The Huskies are hosting Pac-10 juggernaut and third-ranked USC on Saturday in their conference opener.
Some story, sure. And if it were up to Steve Sarkisian and Nick Holt, they’d have everyone believe that’s the only thing worth discussing as this game approaches.
But it’s not. Far from it, really, because Sarkisian was USC’s offensive coordinator last season, then after being hired by UW he lured Holt, the Trojans former defensive coordinator, away from Los Angeles to come work for him.
And so what we have here this weekend is one big, maybe-not-that-happy reunion between Sarkisian, Holt and USC head coach Pete Carroll, who was Sarkisian’s boss and mentor for seven years.
Teacher, student. Mentor, apprentice. Whatever you want to call it. Sarkisian’s simply calling it another game.

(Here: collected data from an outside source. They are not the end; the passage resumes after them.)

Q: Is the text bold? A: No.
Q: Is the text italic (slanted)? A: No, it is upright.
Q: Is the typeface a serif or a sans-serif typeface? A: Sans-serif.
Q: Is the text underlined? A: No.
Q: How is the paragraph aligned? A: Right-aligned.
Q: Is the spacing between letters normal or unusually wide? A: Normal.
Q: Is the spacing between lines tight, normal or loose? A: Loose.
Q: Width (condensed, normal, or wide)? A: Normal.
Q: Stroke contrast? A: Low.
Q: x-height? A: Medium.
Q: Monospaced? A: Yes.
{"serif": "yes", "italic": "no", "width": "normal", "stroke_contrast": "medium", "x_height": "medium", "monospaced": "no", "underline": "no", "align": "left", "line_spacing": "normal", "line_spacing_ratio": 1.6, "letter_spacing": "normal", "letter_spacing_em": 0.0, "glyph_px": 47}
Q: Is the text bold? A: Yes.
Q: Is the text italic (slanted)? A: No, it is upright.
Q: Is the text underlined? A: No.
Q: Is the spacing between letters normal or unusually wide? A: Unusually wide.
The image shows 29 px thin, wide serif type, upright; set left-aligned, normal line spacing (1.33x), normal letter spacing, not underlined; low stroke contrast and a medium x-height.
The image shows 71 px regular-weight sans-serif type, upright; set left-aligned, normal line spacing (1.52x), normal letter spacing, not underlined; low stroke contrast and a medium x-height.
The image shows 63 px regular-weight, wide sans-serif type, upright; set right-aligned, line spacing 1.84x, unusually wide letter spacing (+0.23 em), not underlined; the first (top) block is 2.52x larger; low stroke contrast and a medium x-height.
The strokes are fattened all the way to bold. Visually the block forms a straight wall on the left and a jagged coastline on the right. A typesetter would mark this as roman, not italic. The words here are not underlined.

“I think our biggest fear is we put too much into this game, we try to build this thing up to be something that it really isn’t,” Sarkisian said. “This is a Pac-10 football game and at the end of Saturday, come 4 o’clock, whether it’s a W or an L, it’s all the same as if it was against Stanford, or UCLA or Cal. It’s worth one point, and if we try and put too much into this, there can be the repercussions after the game if it doesn’t go the way we want, or if it does go the way we want.”
The truth is, it doesn’t really matter how much the players build it up, because everyone else will do it for them regardless. It’s hard to ignore the fact that Chris Polk and Quinton Richardson were not allowed to talk to the press during the week due to some bulletin-board comments made following the Idaho game in regards to the Trojans.

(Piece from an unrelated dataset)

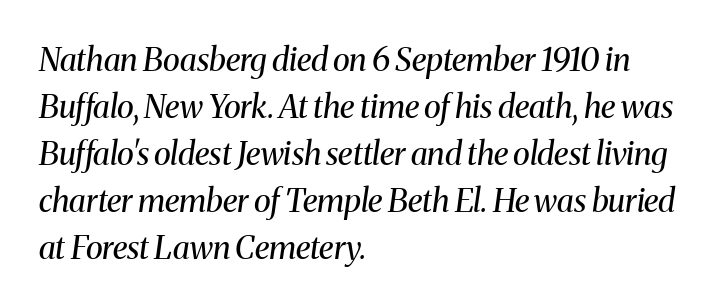
The image shows 32 px regular-weight serif type, italic (leaning right); set left-aligned, normal line spacing (1.47x), normal letter spacing, not underlined; medium stroke contrast and a medium x-height.
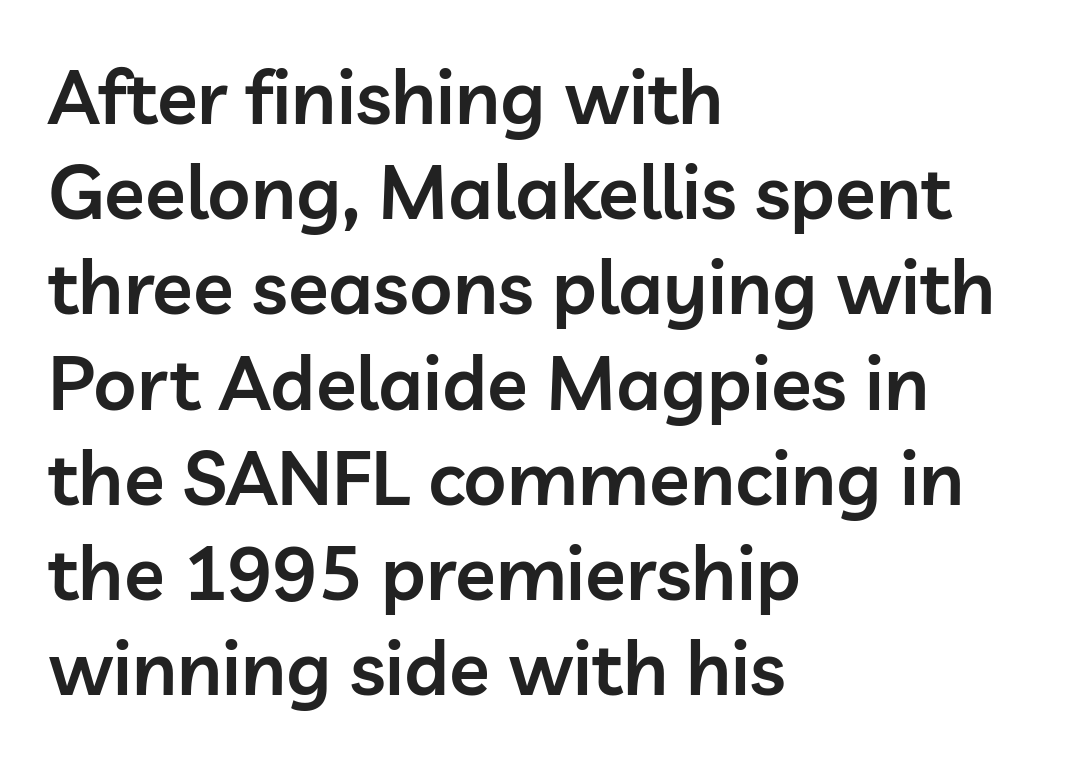
{"serif": "no", "italic": "no", "bold": "semi", "weight": "semibold", "width": "normal", "stroke_contrast": "low", "x_height": "medium", "monospaced": "no", "underline": "no", "align": "left", "line_spacing": "normal", "line_spacing_ratio": 1.27, "letter_spacing": "normal", "letter_spacing_em": 0.0, "glyph_px": 75}

Then there were the reports that Carroll, far and away the most successful coach in the Pac-10 this decade, was upset with Holt for taking the defensive coordinator job at UW in January. Holt had originally denied interest before Sarkisian swayed him, and since Carroll calls the defensive plays for the Trojans, a major selling point for the Huskies was that Holt would have full control over the defense.
Both parties denied any hard feelings.
“Whoever thought that doesn’t understand it,” Carroll said. “When our guys come to this program, they know that I’ll do everything in my power to help them get the job of their dreams. I’ll compete like crazy and try to support them and help prepare them and all that, and battle for them when the time comes. That’s exactly what this is an illustration of, so in essence, I couldn’t be happier for these guys, and it’s the opposite of what some might think.”

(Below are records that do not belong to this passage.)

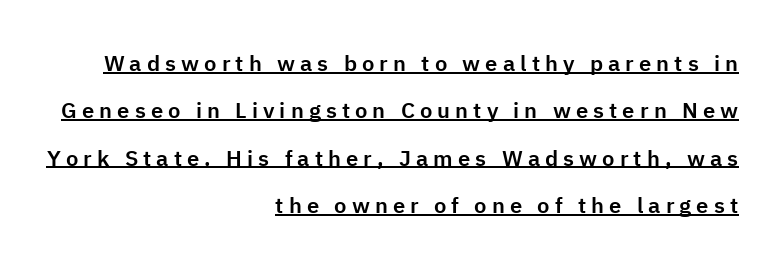
{"italic": "no", "underline": "yes", "align": "right", "line_spacing": "loose", "line_spacing_ratio": 2.15, "letter_spacing": "wide", "letter_spacing_em": 0.23, "glyph_px": 22}
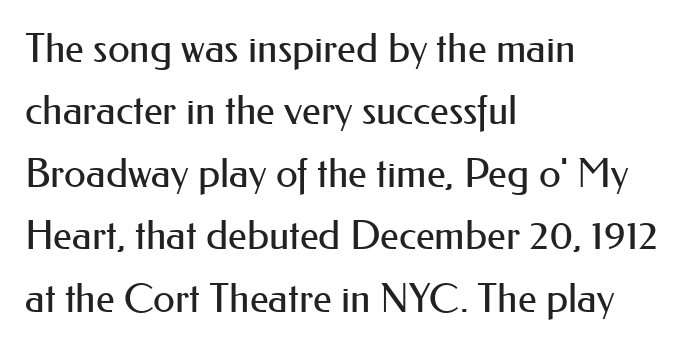
The image shows 40 px regular-weight sans-serif type, upright; set left-aligned, normal line spacing (1.56x), normal letter spacing, not underlined; medium stroke contrast and a small x-height.
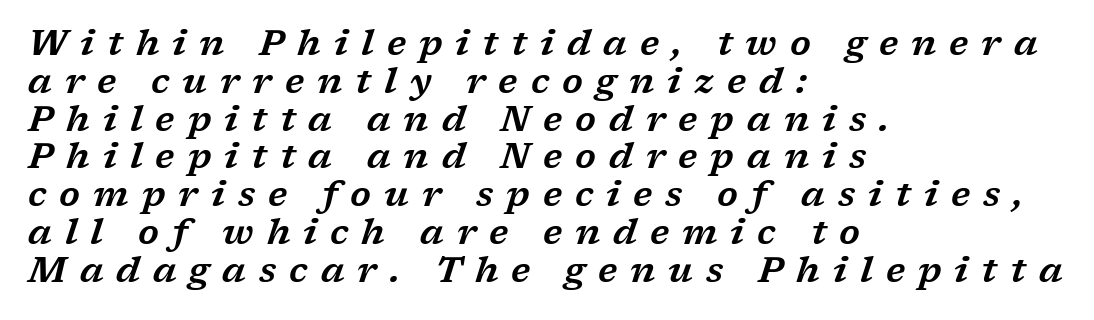
Q: Is the text italic (slanted)? A: Yes, it leans right by about 17 degrees.
Q: Is the typeface a serif or a sans-serif typeface? A: Serif.
Q: Is the text underlined? A: No.
Q: How is the paragraph aligned? A: Left-aligned.
Q: Is the spacing between letters normal or unusually wide? A: Unusually wide.
Q: Is the spacing between lines tight, normal or loose? A: Tight.
Q: Width (condensed, normal, or wide)? A: Wide.
Q: Stroke contrast? A: Low.
Q: x-height? A: Medium.
Q: Monospaced? A: No.
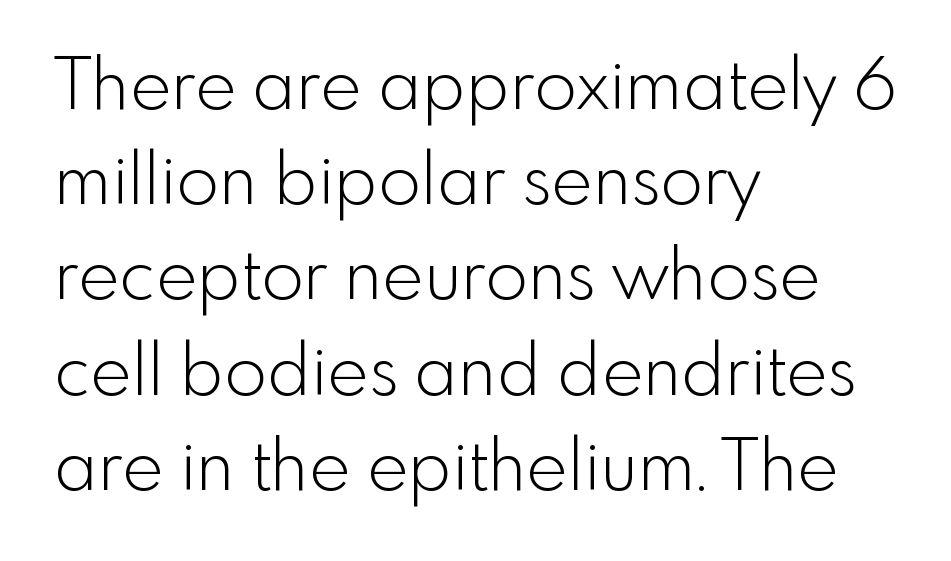
The image shows 70 px light sans-serif type, upright; set left-aligned, normal line spacing (1.36x), normal letter spacing, not underlined; a small x-height.
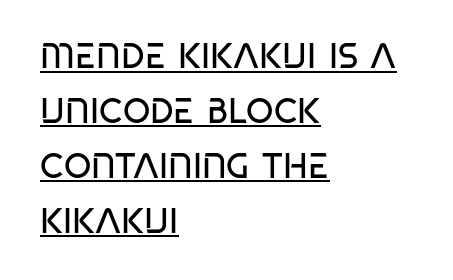
Q: Is the text bold? A: No.
Q: Is the typeface a serif or a sans-serif typeface? A: Sans-serif.
Q: Is the text underlined? A: Yes.
Q: How is the paragraph aligned? A: Left-aligned.
Q: Is the spacing between letters normal or unusually wide? A: Normal.
Q: Is the spacing between lines tight, normal or loose? A: Normal.
Q: Width (condensed, normal, or wide)? A: Condensed.
Q: Stroke contrast? A: Low.
Q: x-height? A: Large.
Q: Monospaced? A: No.
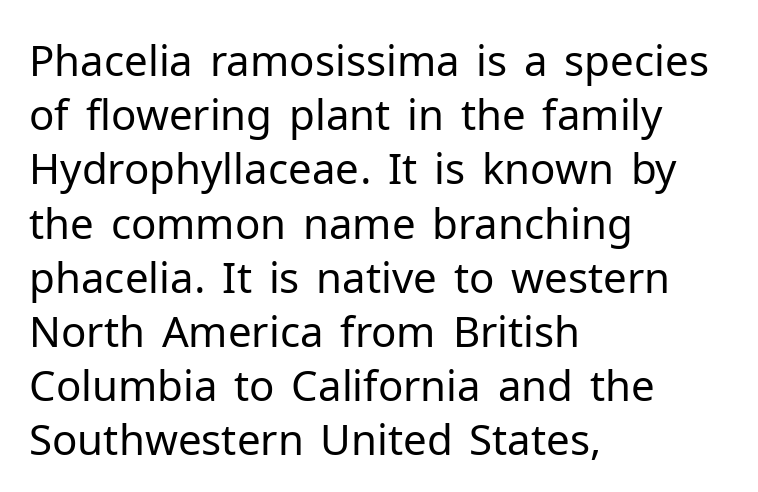
Q: Is the text bold? A: No.
Q: Is the text italic (slanted)? A: No, it is upright.
Q: Is the typeface a serif or a sans-serif typeface? A: Sans-serif.
Q: Is the text underlined? A: No.
Q: How is the paragraph aligned? A: Left-aligned.
Q: Is the spacing between letters normal or unusually wide? A: Normal.
Q: Is the spacing between lines tight, normal or loose? A: Normal.
Q: Width (condensed, normal, or wide)? A: Normal.
Q: Stroke contrast? A: Low.
Q: x-height? A: Medium.
Q: Monospaced? A: No.
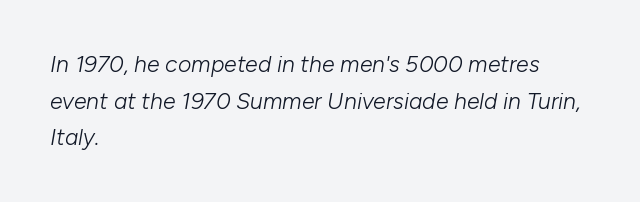
Q: Is the text bold? A: No.
Q: Is the text italic (slanted)? A: Yes, it leans right by about 10 degrees.
Q: Is the text underlined? A: No.
Q: How is the paragraph aligned? A: Left-aligned.
Q: Is the spacing between letters normal or unusually wide? A: Normal.
Q: Is the spacing between lines tight, normal or loose? A: Normal.

Said Holt, of Carroll: “He was good. He’s very mature about those sort of things.”
Just as everyone insists there are no hard feelings anywhere, nobody really seems to think the others’ knowledge of each teams’ game plan — Sarkisian runs an offense very similar to what he ran at USC — is going to have much of an impact on the outcome.
Carroll compared it to coaching in the NFL, where you play division rivals twice a season and you end up knowing their schemes pretty well, anyway.
“I don’t know how somebody could have an advantage,” Carroll said. “We know what they know, and they know what we know.”
The advantage — as the odds makers see it, anyway — rests more on the fact that the Trojans have another stout defense, another crop of thoroughbreds in the backfield and top-class athletes across the board. They’re 22-point favorites on the road for a reason.
Even if starting quarterback Matt Barkley and All-American safety Taylor Mays — neither of whom had practiced this week as of Wednesday — both sit out, the Huskies are still going to be seen as a massive underdog.
Whether they can slay the giant that they helped build — or at least offer resistance — could go a long way toward determining where Sarkisian and Holt will take these Huskies this season.